A member of Sligo Athletics Club, MacDermott believes in quality and fast work for training, some of which he does on the beach and dunes in his home town of Strandhill. “Running 300 metre intervals would be generally my go to.” He has made his own set of wooden hurdles and used these to do a lot of 200 metre or 250 metre intervals before the world championships.

“In training for 400 metres, generally I wouldn’t run 400 metres. Psychologically it is better to just leave the last bit for the race.” So to prepare for the 300 metre hurdles, “I did 200s over five hurdles and gradually added another hurdle.”

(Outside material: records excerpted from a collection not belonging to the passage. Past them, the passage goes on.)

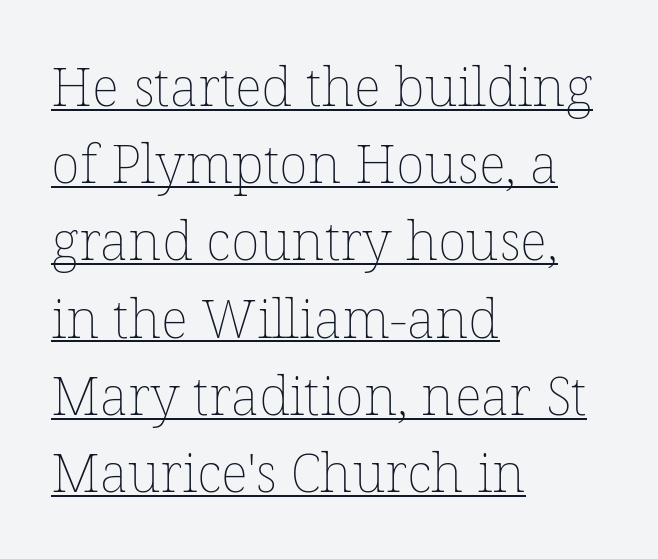
Q: Is the text bold? A: No.
Q: Is the text italic (slanted)? A: No, it is upright.
Q: Is the text underlined? A: Yes.
Q: How is the paragraph aligned? A: Left-aligned.
Q: Is the spacing between letters normal or unusually wide? A: Normal.
Q: Is the spacing between lines tight, normal or loose? A: Normal.
Q: Width (condensed, normal, or wide)? A: Normal.
Q: Stroke contrast? A: Low.
Q: x-height? A: Medium.
Q: Monospaced? A: No.
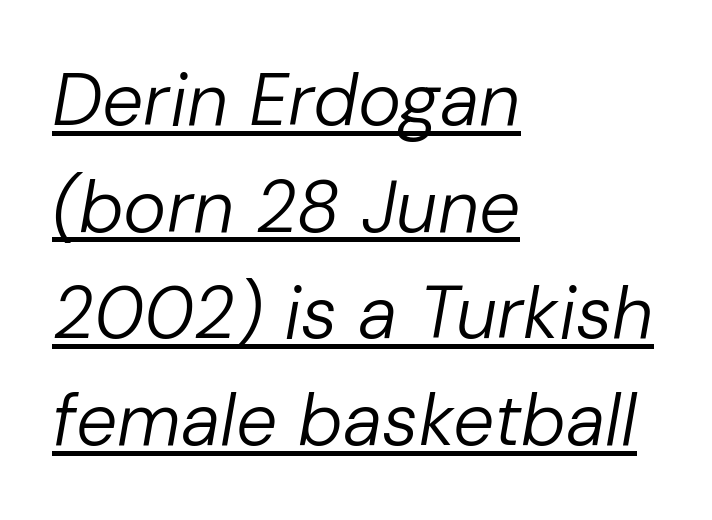
Q: Is the text bold? A: No.
Q: Is the text italic (slanted)? A: Yes, it leans right by about 10 degrees.
Q: Is the text underlined? A: Yes.
Q: How is the paragraph aligned? A: Left-aligned.
Q: Is the spacing between letters normal or unusually wide? A: Normal.
Q: Is the spacing between lines tight, normal or loose? A: Normal.
Q: Width (condensed, normal, or wide)? A: Normal.
Q: Stroke contrast? A: Low.
Q: x-height? A: Medium.
Q: Monospaced? A: No.
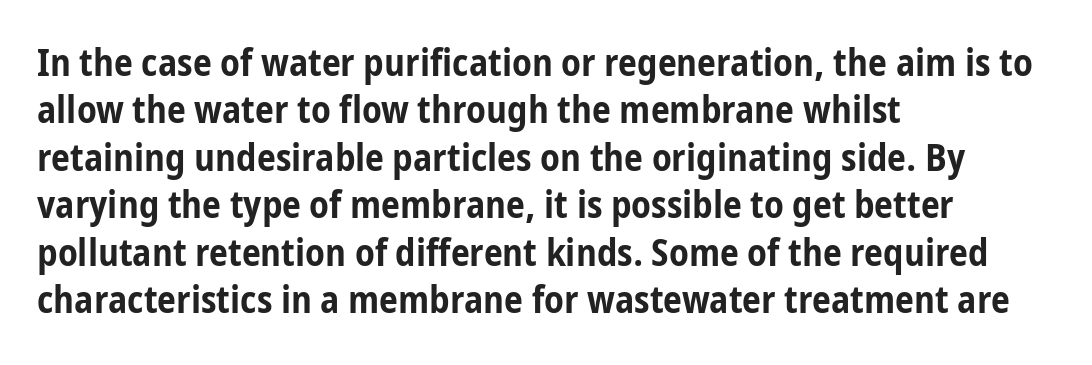
Q: Is the text bold? A: Yes.
Q: Is the text italic (slanted)? A: No, it is upright.
Q: Is the typeface a serif or a sans-serif typeface? A: Sans-serif.
Q: Is the text underlined? A: No.
Q: How is the paragraph aligned? A: Left-aligned.
Q: Is the spacing between letters normal or unusually wide? A: Normal.
Q: Is the spacing between lines tight, normal or loose? A: Normal.
Q: Width (condensed, normal, or wide)? A: Condensed.
Q: Stroke contrast? A: Low.
Q: x-height? A: Medium.
Q: Monospaced? A: No.

Among his Irish team-mates in Finland were the only mother and daughter pair, it’s believed, to be competing at the event. Eileen Kenny (72) from Athlone, Co Westmeath, won silver in the 6km cross-country and Michelle Kenny (43), who lives in Cork city, won both individual and team gold medals in the 8km cross-country race. Eileen used to ferry Michelle and her five siblings to juvenile cross-country running events, “to keep them out of trouble”, but she herself didn’t take up running until her 40th year. It was at one of the children’s events that two women asked her would she like to join a cross-country team.

“Living in Cork at the time, she joined St Finbarr’s AC and discovered she enjoyed competing. Her offspring all gave up competitive running after leaving school but their mother raced on until she developed cancer in 2006 and stopped running for almost 10 years. She took up hillwalking with a Co Cork group to keep fit instead “and I loved it”.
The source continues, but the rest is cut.